WHAT YOU NEED TO DO ->
Print, exactly and completely, every entry in the data.

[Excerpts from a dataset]
=== Begin Enclosure ===

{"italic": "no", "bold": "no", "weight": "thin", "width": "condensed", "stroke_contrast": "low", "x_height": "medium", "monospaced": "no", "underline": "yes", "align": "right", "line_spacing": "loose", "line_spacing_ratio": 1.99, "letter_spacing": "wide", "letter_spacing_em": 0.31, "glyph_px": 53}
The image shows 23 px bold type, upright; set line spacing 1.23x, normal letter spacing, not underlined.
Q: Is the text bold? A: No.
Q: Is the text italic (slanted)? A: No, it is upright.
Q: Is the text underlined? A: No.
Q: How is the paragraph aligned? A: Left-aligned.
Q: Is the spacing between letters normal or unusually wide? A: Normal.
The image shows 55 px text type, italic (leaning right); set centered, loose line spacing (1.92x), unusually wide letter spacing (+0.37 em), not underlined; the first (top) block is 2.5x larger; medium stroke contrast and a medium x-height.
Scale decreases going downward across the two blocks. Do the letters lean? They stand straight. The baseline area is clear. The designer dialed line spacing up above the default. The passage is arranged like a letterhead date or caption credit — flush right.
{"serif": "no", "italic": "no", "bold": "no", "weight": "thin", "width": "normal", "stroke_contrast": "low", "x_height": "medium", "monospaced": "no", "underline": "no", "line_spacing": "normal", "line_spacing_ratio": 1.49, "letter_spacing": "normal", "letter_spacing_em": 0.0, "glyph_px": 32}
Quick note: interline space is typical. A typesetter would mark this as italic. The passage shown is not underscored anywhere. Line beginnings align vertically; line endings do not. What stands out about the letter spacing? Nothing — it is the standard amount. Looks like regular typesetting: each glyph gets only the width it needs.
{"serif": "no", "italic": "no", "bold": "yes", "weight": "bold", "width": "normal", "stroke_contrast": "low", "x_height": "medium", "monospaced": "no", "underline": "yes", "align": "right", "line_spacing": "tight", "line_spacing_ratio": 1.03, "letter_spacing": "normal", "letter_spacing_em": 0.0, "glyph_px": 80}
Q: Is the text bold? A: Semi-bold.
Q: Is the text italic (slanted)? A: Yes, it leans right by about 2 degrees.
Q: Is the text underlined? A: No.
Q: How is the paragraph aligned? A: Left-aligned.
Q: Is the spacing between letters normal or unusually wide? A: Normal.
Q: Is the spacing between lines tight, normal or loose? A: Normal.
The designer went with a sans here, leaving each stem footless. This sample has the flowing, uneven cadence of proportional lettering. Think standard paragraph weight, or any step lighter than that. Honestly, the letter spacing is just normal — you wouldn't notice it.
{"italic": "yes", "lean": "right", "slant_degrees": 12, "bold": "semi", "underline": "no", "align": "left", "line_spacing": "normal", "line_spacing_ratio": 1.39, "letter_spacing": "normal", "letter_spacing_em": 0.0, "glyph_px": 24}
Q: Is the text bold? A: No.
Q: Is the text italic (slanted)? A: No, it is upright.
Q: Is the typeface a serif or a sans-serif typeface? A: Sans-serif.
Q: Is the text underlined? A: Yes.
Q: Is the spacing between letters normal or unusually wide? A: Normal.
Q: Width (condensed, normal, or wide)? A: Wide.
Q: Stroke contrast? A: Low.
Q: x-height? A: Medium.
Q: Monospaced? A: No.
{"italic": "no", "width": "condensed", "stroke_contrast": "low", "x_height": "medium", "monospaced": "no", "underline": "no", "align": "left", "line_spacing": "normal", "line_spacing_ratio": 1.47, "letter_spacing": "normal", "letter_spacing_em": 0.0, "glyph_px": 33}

=== End Enclosure ===

RESPONSE BELOW ->
{"italic": "no", "bold": "no", "weight": "thin", "width": "condensed", "stroke_contrast": "low", "x_height": "medium", "monospaced": "no", "underline": "yes", "align": "right", "line_spacing": "loose", "line_spacing_ratio": 1.99, "letter_spacing": "wide", "letter_spacing_em": 0.31, "glyph_px": 53}
The image shows 23 px bold type, upright; set line spacing 1.23x, normal letter spacing, not underlined.
Q: Is the text bold? A: No.
Q: Is the text italic (slanted)? A: No, it is upright.
Q: Is the text underlined? A: No.
Q: How is the paragraph aligned? A: Left-aligned.
Q: Is the spacing between letters normal or unusually wide? A: Normal.
The image shows 55 px text type, italic (leaning right); set centered, loose line spacing (1.92x), unusually wide letter spacing (+0.37 em), not underlined; the first (top) block is 2.5x larger; medium stroke contrast and a medium x-height.
Scale decreases going downward across the two blocks. Do the letters lean? They stand straight. The baseline area is clear. The designer dialed line spacing up above the default. The passage is arranged like a letterhead date or caption credit — flush right.
{"serif": "no", "italic": "no", "bold": "no", "weight": "thin", "width": "normal", "stroke_contrast": "low", "x_height": "medium", "monospaced": "no", "underline": "no", "line_spacing": "normal", "line_spacing_ratio": 1.49, "letter_spacing": "normal", "letter_spacing_em": 0.0, "glyph_px": 32}
Quick note: interline space is typical. A typesetter would mark this as italic. The passage shown is not underscored anywhere. Line beginnings align vertically; line endings do not. What stands out about the letter spacing? Nothing — it is the standard amount. Looks like regular typesetting: each glyph gets only the width it needs.
{"serif": "no", "italic": "no", "bold": "yes", "weight": "bold", "width": "normal", "stroke_contrast": "low", "x_height": "medium", "monospaced": "no", "underline": "yes", "align": "right", "line_spacing": "tight", "line_spacing_ratio": 1.03, "letter_spacing": "normal", "letter_spacing_em": 0.0, "glyph_px": 80}
Q: Is the text bold? A: Semi-bold.
Q: Is the text italic (slanted)? A: Yes, it leans right by about 2 degrees.
Q: Is the text underlined? A: No.
Q: How is the paragraph aligned? A: Left-aligned.
Q: Is the spacing between letters normal or unusually wide? A: Normal.
Q: Is the spacing between lines tight, normal or loose? A: Normal.
The designer went with a sans here, leaving each stem footless. This sample has the flowing, uneven cadence of proportional lettering. Think standard paragraph weight, or any step lighter than that. Honestly, the letter spacing is just normal — you wouldn't notice it.
{"italic": "yes", "lean": "right", "slant_degrees": 12, "bold": "semi", "underline": "no", "align": "left", "line_spacing": "normal", "line_spacing_ratio": 1.39, "letter_spacing": "normal", "letter_spacing_em": 0.0, "glyph_px": 24}
Q: Is the text bold? A: No.
Q: Is the text italic (slanted)? A: No, it is upright.
Q: Is the typeface a serif or a sans-serif typeface? A: Sans-serif.
Q: Is the text underlined? A: Yes.
Q: Is the spacing between letters normal or unusually wide? A: Normal.
Q: Width (condensed, normal, or wide)? A: Wide.
Q: Stroke contrast? A: Low.
Q: x-height? A: Medium.
Q: Monospaced? A: No.
{"italic": "no", "width": "condensed", "stroke_contrast": "low", "x_height": "medium", "monospaced": "no", "underline": "no", "align": "left", "line_spacing": "normal", "line_spacing_ratio": 1.47, "letter_spacing": "normal", "letter_spacing_em": 0.0, "glyph_px": 33}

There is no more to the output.